Frontal fibrosing alopecia usually affects women and people assigned female at birth (AFAB) after menopause, most often after age 50. But women as young as age 21 can have FFA, too. Women of African descent also tend to show symptoms earlier, sometimes in their early 40s. Men, or people assigned male at birth (AMAB), rarely have this condition.

People may be at higher risk of frontal fibrosing alopecia if they have:

How common is frontal fibrosing alopecia?

Frontal fibrosing alopecia is a somewhat rare condition, but growing numbers of people around the world are getting it.


Symptoms and Causes

What causes frontal fibrosing alopecia?

Researchers don’t know the exact cause of frontal fibrosing alopecia. But they suspect:

  • Autoimmune disease, when your immune system attacks the openings where your hair grows (hair follicles). FFA may be a type of autoimmune disease (lichen planus) that causes scarring and inflammation of the scalp (lichen planopilaris).
  • Genetics, as cases of FFA are sometimes seen in families.
  • Hormones, as most people with FFA are post-menopausal.
  • Surgeries, such as facelifts or hair transplants.
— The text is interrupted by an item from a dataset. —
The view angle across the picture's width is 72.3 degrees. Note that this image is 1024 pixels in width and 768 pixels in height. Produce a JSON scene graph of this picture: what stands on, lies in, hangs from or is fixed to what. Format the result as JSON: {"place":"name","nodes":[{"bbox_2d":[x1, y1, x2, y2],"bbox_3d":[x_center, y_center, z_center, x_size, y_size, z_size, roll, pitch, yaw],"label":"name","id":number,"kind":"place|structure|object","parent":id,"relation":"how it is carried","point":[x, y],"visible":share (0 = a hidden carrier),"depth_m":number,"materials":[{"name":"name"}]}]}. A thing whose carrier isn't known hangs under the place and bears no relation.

Researchers also suspect that environmental factors may trigger FFA in people with a family history of the condition (genetic predisposition). These environmental factors may include:

  • Exposure to the sun.
  • Infections from viruses.
  • Medications.
  • Pollutants (dioxins) in food made from animals.
  • Sunscreens.

What are the symptoms of frontal fibrosing alopecia?
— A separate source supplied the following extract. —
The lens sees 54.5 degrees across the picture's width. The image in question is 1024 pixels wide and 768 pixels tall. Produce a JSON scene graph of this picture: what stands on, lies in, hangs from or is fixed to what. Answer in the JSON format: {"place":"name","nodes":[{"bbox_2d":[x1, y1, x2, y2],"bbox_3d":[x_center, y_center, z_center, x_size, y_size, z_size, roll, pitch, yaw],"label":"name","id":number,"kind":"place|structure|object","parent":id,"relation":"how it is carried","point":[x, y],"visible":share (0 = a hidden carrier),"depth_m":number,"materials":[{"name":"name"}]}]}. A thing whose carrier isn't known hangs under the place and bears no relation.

The main symptom of frontal fibrosing alopecia is hair loss along the front and sides of your hairline. This hair loss can start slowly but worsen over time. Your skin in this area may look normal, but can also appear:

  • Pale.
  • Scarred.
  • Shiny.

The other main FFA symptom is eyebrow loss. This symptom may happen before the hair loss on your scalp. Eyebrow loss affects between 80% and 90% of women with FFA.

Other early symptoms of FFA may include:

  • Flat, dark brown or gray areas of skin on your face and neck (hyperpigmentation).
  • Itchy skin (pruritus) or pain on your scalp.
  • Large veins on your forehead.
  • Rosacea.
  • Small yellow- or skin-colored bumps that look like pimples near your hairline or on your face or scalp.
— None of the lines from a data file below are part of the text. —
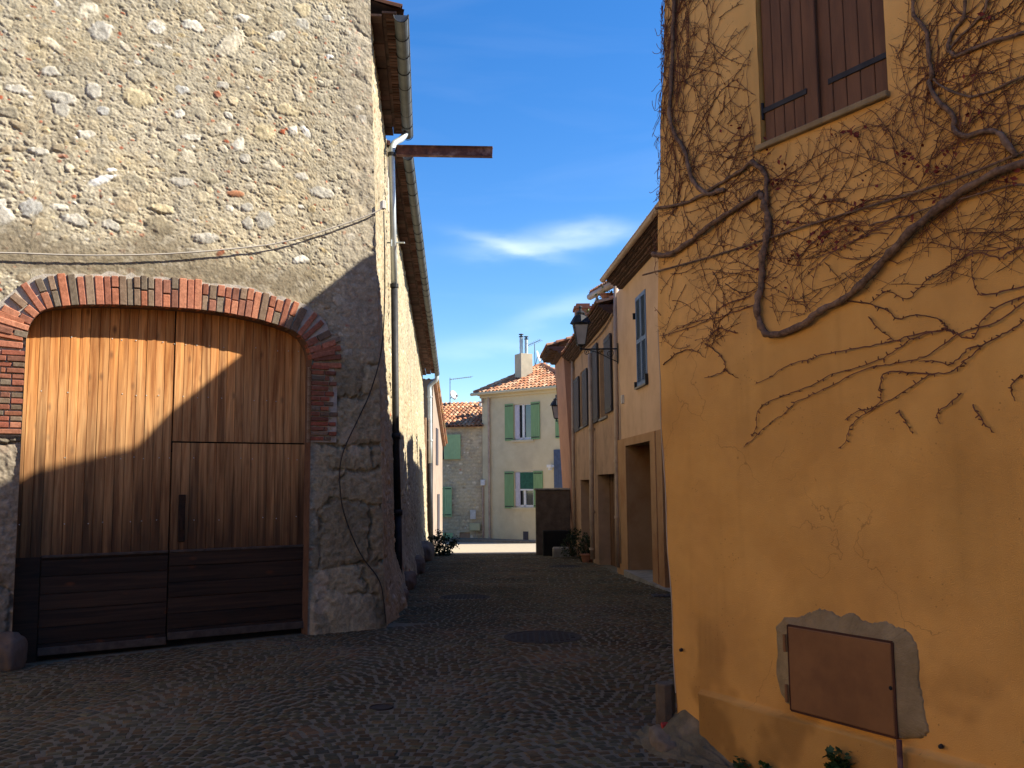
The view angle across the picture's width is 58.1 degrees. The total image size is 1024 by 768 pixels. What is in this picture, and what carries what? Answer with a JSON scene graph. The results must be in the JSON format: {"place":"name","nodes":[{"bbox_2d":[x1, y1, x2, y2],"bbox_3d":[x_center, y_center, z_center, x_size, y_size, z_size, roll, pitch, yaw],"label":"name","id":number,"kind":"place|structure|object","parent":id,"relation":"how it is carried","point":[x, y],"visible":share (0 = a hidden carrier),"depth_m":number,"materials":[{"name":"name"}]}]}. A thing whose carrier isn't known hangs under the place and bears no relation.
{"place":"outdoors","nodes":[
{"label":"outdoors","id":0,"kind":"place"},
{"bbox_2d":[0,553,716,767],"bbox_3d":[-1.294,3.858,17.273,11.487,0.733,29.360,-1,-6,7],"label":"street","id":1,"kind":"structure","parent":0,"point":[333,758],"depth_m":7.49,"materials":[{"name":"grey stone"}]},
{"bbox_2d":[0,631,27,671],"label":"guard stone","id":2,"kind":"object","parent":1,"relation":"on","point":[13,649],"visible":0.85,"depth_m":8.48,"materials":[{"name":"grey stone"}]},
{"bbox_2d":[0,0,439,662],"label":"stone barn","id":3,"kind":"structure","parent":1,"relation":"on","point":[176,428],"depth_m":9.93,"materials":[{"name":"stone"}]},
{"bbox_2d":[0,208,382,255],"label":"cable","id":4,"kind":"object","parent":3,"relation":"attached to","point":[184,252],"visible":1,"depth_m":9.71,"materials":[{"name":"black rubber"}]},
{"bbox_2d":[339,211,386,622],"bbox_3d":[-1.702,0.318,10.604,0.587,4.801,0.013,3,-7,-31],"label":"cable","id":5,"kind":"object","parent":3,"relation":"attached to","point":[357,421],"visible":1,"depth_m":10.50,"materials":[{"name":"black rubber"}]},
{"bbox_2d":[380,200,385,209],"bbox_3d":[-1.540,-2.136,11.004,0.050,0.100,0.070,3,-7,-31],"label":"junction box","id":6,"kind":"object","parent":3,"relation":"attached to","point":[383,204],"visible":1,"depth_m":10.98,"materials":[{"name":"plastic"}]},
{"bbox_2d":[396,145,492,157],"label":"steel beam","id":7,"kind":"structure","parent":3,"relation":"attached to","point":[447,151],"depth_m":15.04,"materials":[{"name":"brown metal"}]},
{"bbox_2d":[369,704,393,710],"bbox_3d":[-0.946,2.353,6.677,0.176,0.036,0.176,-1,-6,0],"label":"valve cap","id":8,"kind":"object","parent":1,"relation":"on","point":[379,707],"visible":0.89,"depth_m":6.67,"materials":[{"name":"grey metal"}]},
{"bbox_2d":[404,588,408,600],"bbox_3d":[-1.670,3.183,13.747,0.238,0.254,0.694,-1,-6,0],"label":"boulder","id":9,"kind":"object","parent":1,"relation":"on","point":[406,593],"visible":0.16,"depth_m":13.74,"materials":[{"name":"stone"}]},
{"bbox_2d":[404,571,416,590],"bbox_3d":[-1.877,3.502,16.219,0.346,0.405,1.147,-1,-6,0],"label":"boulder","id":10,"kind":"object","parent":1,"relation":"on","point":[410,579],"visible":0.41,"depth_m":15.96,"materials":[{"name":"stone"}]},
{"bbox_2d":[415,555,425,574],"bbox_3d":[-2.189,4.130,20.610,0.484,0.575,1.589,-1,-6,0],"label":"boulder","id":11,"kind":"object","parent":1,"relation":"on","point":[420,562],"visible":0.3,"depth_m":20.28,"materials":[{"name":"stone"}]},
{"bbox_2d":[421,541,434,561],"bbox_3d":[-2.583,4.935,26.584,0.641,0.788,2.140,-1,-6,0],"label":"boulder","id":12,"kind":"object","parent":1,"relation":"on","point":[429,550],"visible":0.34,"depth_m":26.06,"materials":[{"name":"stone"}]},
{"bbox_2d":[423,378,447,545],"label":"building","id":13,"kind":"structure","parent":1,"relation":"on","point":[439,435],"depth_m":37.56,"materials":[{"name":"paint"}]},
{"bbox_2d":[437,494,439,545],"bbox_3d":[-3.069,5.846,38.397,0.040,2.500,1.000,-1,-6,0],"label":"door","id":14,"kind":"structure","parent":13,"relation":"in","point":[438,495],"depth_m":38.30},
{"bbox_2d":[424,529,459,555],"bbox_3d":[-2.335,5.163,29.747,1.330,0.946,1.299,-1,-6,0],"label":"bush","id":15,"kind":"object","parent":1,"relation":"on","point":[439,547],"visible":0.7,"depth_m":29.73,"materials":[{"name":"green plant"}]},
{"bbox_2d":[442,401,483,537],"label":"old stone house","id":16,"kind":"structure","parent":1,"relation":"on","point":[461,473],"depth_m":45.44,"materials":[{"name":"grey stone"}]},
{"bbox_2d":[470,510,475,518],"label":"meter box","id":17,"kind":"object","parent":16,"relation":"attached to","point":[472,514],"visible":1,"depth_m":44.99,"materials":[{"name":"plastic"}]},
{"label":"tv aerial","id":18,"kind":"object","parent":16,"relation":"attached to","visible":0},
{"bbox_2d":[450,390,457,399],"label":"satellite dish","id":19,"kind":"object","parent":18,"relation":"attached to","point":[453,394],"visible":1,"depth_m":49.59,"materials":[{"name":"metal"}]},
{"bbox_2d":[440,594,489,599],"bbox_3d":[-0.732,3.326,14.324,0.784,0.037,0.784,-1,-6,0],"label":"manhole cover","id":20,"kind":"object","parent":1,"relation":"on","point":[463,596],"visible":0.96,"depth_m":14.37,"materials":[{"name":"grey metal"}]},
{"bbox_2d":[470,334,562,539],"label":"cream house","id":21,"kind":"structure","parent":1,"relation":"on","point":[520,442],"depth_m":44.02,"materials":[{"name":"beige paint"}]},
{"bbox_2d":[482,485,483,537],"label":"conduit","id":22,"kind":"object","parent":21,"relation":"attached to","point":[482,511],"visible":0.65,"depth_m":44.89,"materials":[{"name":"metal"}]},
{"bbox_2d":[515,404,530,439],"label":"window","id":23,"kind":"structure","parent":21,"relation":"in","point":[525,409],"depth_m":43.89,"materials":[{"name":"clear glass"}]},
{"bbox_2d":[515,471,533,506],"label":"window","id":24,"kind":"structure","parent":21,"relation":"in","point":[526,478],"depth_m":43.50,"materials":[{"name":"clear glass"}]},
{"bbox_2d":[528,339,541,360],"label":"tv aerial","id":25,"kind":"object","parent":21,"relation":"attached to","point":[534,347],"visible":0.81,"depth_m":47.41,"materials":[{"name":"metal"}]},
{"bbox_2d":[535,351,541,364],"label":"satellite dish","id":26,"kind":"object","parent":25,"relation":"attached to","point":[538,356],"visible":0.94,"depth_m":47.42,"materials":[{"name":"metal"}]},
{"bbox_2d":[504,630,581,643],"bbox_3d":[0.324,2.673,9.703,0.823,0.037,0.823,-1,-6,0],"label":"manhole cover","id":27,"kind":"object","parent":1,"relation":"on","point":[543,636],"visible":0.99,"depth_m":9.68,"materials":[{"name":"grey metal"}]},
{"bbox_2d":[534,488,570,554],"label":"stair wall","id":28,"kind":"structure","parent":1,"relation":"on","point":[552,509],"depth_m":29.42,"materials":[{"name":"stone"}]},
{"bbox_2d":[543,530,569,555],"bbox_3d":[1.393,5.122,28.960,0.840,1.031,0.571,-1,-6,0],"label":"storage bin","id":29,"kind":"object","parent":1,"relation":"on","point":[550,539],"visible":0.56,"depth_m":28.71,"materials":[{"name":"black plastic"}]},
{"bbox_2d":[539,336,575,545],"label":"pink house","id":30,"kind":"structure","parent":1,"relation":"on","point":[551,353],"depth_m":29.80,"materials":[{"name":"paint"}]},
{"bbox_2d":[552,547,576,556],"bbox_3d":[1.594,5.122,27.909,0.720,0.360,0.400,-1,-6,0],"label":"stone trough","id":31,"kind":"object","parent":1,"relation":"on","point":[556,551],"visible":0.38,"depth_m":27.72,"materials":[{"name":"stone"}]},
{"bbox_2d":[558,527,582,556],"bbox_3d":[1.778,4.674,27.170,0.804,0.869,1.137,-1,-6,0],"label":"bush","id":32,"kind":"object","parent":1,"relation":"on","point":[572,539],"visible":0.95,"depth_m":27.13,"materials":[{"name":"green plant"}]},
{"bbox_2d":[579,532,590,561],"bbox_3d":[2.078,4.377,24.848,0.614,0.890,1.162,-2,-6,15],"label":"bush","id":33,"kind":"object","parent":1,"relation":"on","point":[586,542],"visible":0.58,"depth_m":24.88,"materials":[{"name":"green plant"}]},
{"bbox_2d":[580,553,592,561],"bbox_3d":[2.016,4.683,24.637,0.380,0.280,0.370,-1,-6,0],"label":"plant pot","id":34,"kind":"object","parent":1,"relation":"on","point":[585,557],"visible":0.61,"depth_m":24.50,"materials":[{"name":"orange ceramic"}]},
{"bbox_2d":[560,295,617,571],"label":"tan house","id":35,"kind":"structure","parent":1,"relation":"on","point":[592,425],"depth_m":23.60,"materials":[{"name":"paint"}]},
{"bbox_2d":[573,303,590,315],"bbox_3d":[2.098,-1.919,27.364,0.540,0.865,0.700,-1,-6,0],"label":"brick chimney","id":36,"kind":"object","parent":35,"relation":"on","point":[585,306],"visible":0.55,"depth_m":27.09,"materials":[{"name":"brick"}]},
{"bbox_2d":[572,313,612,378],"bbox_3d":[2.105,-0.889,24.701,0.121,0.601,8.335,0,-6,-2],"label":"cable","id":37,"kind":"object","parent":35,"relation":"attached to","point":[593,340],"visible":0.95,"depth_m":23.51,"materials":[{"name":"black rubber"}]},
{"bbox_2d":[587,281,612,299],"bbox_3d":[3.972,-2.428,22.690,3.996,2.048,3.800,-1,-6,0],"label":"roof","id":38,"kind":"object","parent":35,"relation":"on","point":[598,289],"visible":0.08,"depth_m":22.48,"materials":[{"name":"ceramic"}]},
{"bbox_2d":[609,474,615,566],"bbox_3d":[2.573,3.753,21.895,0.062,3.210,2.971,0,-6,-2],"label":"door","id":39,"kind":"structure","parent":35,"relation":"in","point":[611,477],"depth_m":22.99,"materials":[{"name":"brown wood"}]},
{"bbox_2d":[600,201,670,591],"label":"peach house","id":40,"kind":"structure","parent":1,"relation":"on","point":[640,532],"depth_m":18.35,"materials":[{"name":"paint"}]},
{"bbox_2d":[570,305,617,363],"bbox_3d":[1.784,-1.081,20.098,1.037,1.293,0.474,-1,-6,0],"label":"wall lantern","id":41,"kind":"object","parent":40,"relation":"attached to","point":[580,322],"depth_m":19.99,"materials":[{"name":"metal"}]},
{"bbox_2d":[651,594,670,597],"bbox_3d":[2.662,3.250,14.172,1.000,0.030,0.320,-1,-6,0],"label":"drain grate","id":42,"kind":"object","parent":1,"relation":"on","point":[661,595],"visible":0.25,"depth_m":14.10,"materials":[{"name":"metal"}]},
{"bbox_2d":[649,725,675,751],"bbox_3d":[0.934,2.207,5.635,0.200,0.190,0.421,-1,-6,0],"label":"footing stone","id":43,"kind":"object","parent":1,"relation":"on","point":[659,739],"visible":0.45,"depth_m":5.52,"materials":[{"name":"grey stone"}]},
{"bbox_2d":[661,722,667,728],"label":"litter","id":44,"kind":"object","parent":43,"relation":"on","point":[663,724],"visible":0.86,"depth_m":5.66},
{"bbox_2d":[655,681,675,724],"bbox_3d":[0.966,2.005,5.802,0.125,0.247,0.126,-1,-6,0],"label":"guard post","id":45,"kind":"object","parent":43,"relation":"on","point":[665,701],"visible":0.86,"depth_m":5.75,"materials":[{"name":"stone"}]},
{"bbox_2d":[631,710,734,767],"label":"mortar ramp","id":46,"kind":"structure","parent":1,"relation":"on","point":[693,745],"depth_m":5.45,"materials":[{"name":"grey concrete"}]},
{"bbox_2d":[733,756,750,767],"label":"weed","id":47,"kind":"object","parent":1,"relation":"on","point":[740,764],"visible":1,"depth_m":5.12,"materials":[{"name":"green plant"}]},
{"bbox_2d":[758,760,771,767],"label":"weed","id":48,"kind":"object","parent":1,"relation":"on","point":[764,764],"visible":1,"depth_m":4.93,"materials":[{"name":"green plant"}]},
{"bbox_2d":[657,0,1023,767],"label":"orange house","id":49,"kind":"structure","parent":1,"relation":"on","point":[859,596],"depth_m":4.74,"materials":[{"name":"paint"}]},
{"bbox_2d":[642,150,1023,275],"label":"cable","id":50,"kind":"object","parent":49,"relation":"attached to","point":[921,190],"visible":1,"depth_m":4.70,"materials":[{"name":"black rubber"}]},
{"bbox_2d":[647,0,1023,448],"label":"climbing vine","id":51,"kind":"object","parent":49,"relation":"attached to","point":[911,230],"visible":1,"depth_m":4.65,"materials":[{"name":"brown plant"}]},
{"bbox_2d":[437,542,535,553],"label":"court paving","id":52,"kind":"structure","parent":0,"point":[476,548],"depth_m":35.74,"materials":[{"name":"beige concrete"}]},
{"bbox_2d":[442,538,535,542],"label":"pavement","id":53,"kind":"structure","parent":0,"point":[488,540],"depth_m":43.53,"materials":[{"name":"grey concrete"}]},
{"bbox_2d":[469,523,480,537],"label":"letter box","id":54,"kind":"object","parent":53,"relation":"on","point":[475,527],"visible":0.92,"depth_m":44.78,"materials":[{"name":"grey metal"}]},
{"bbox_2d":[386,0,664,402],"label":"sky","id":55,"kind":"structure","parent":0,"point":[560,92],"materials":[{"name":"blue"}]},
{"bbox_2d":[550,395,557,421],"bbox_3d":[1.773,1.001,33.024,0.818,1.270,0.442,-3,-7,18],"label":"wall lantern","id":56,"kind":"object","parent":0,"point":[553,404],"depth_m":32.97,"materials":[{"name":"metal"}]},
{"bbox_2d":[823,745,855,767],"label":"weed","id":57,"kind":"object","parent":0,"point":[837,762],"visible":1,"depth_m":4.54,"materials":[{"name":"green plant"}]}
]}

Less common symptoms of frontal fibrosing alopecia include hair loss from:

  • Arms or legs.
  • Eyelashes.
  • Face.
  • Pubic region.
  • Underarms.

More rarely, people with white hair may notice a few hairs return to their original color.


Diagnosis and Tests

How is frontal fibrosing alopecia diagnosed?

Your healthcare provider will ask about your:

  • Medical history.
  • Medications you take.
  • Symptoms, including when you started having hair loss and on what body parts your hair loss occurred.

Your healthcare provider will do a physical examination and take a close look at your:

  • Eyebrows.
  • Hairline.
  • Scalp.

If your healthcare provider suspects FFA, they may do a skin biopsy. During the biopsy, they’ll:

  1. Numb a small area of your scalp.
  2. Remove a small piece of skin.
  3. Examine the skin under a microscope.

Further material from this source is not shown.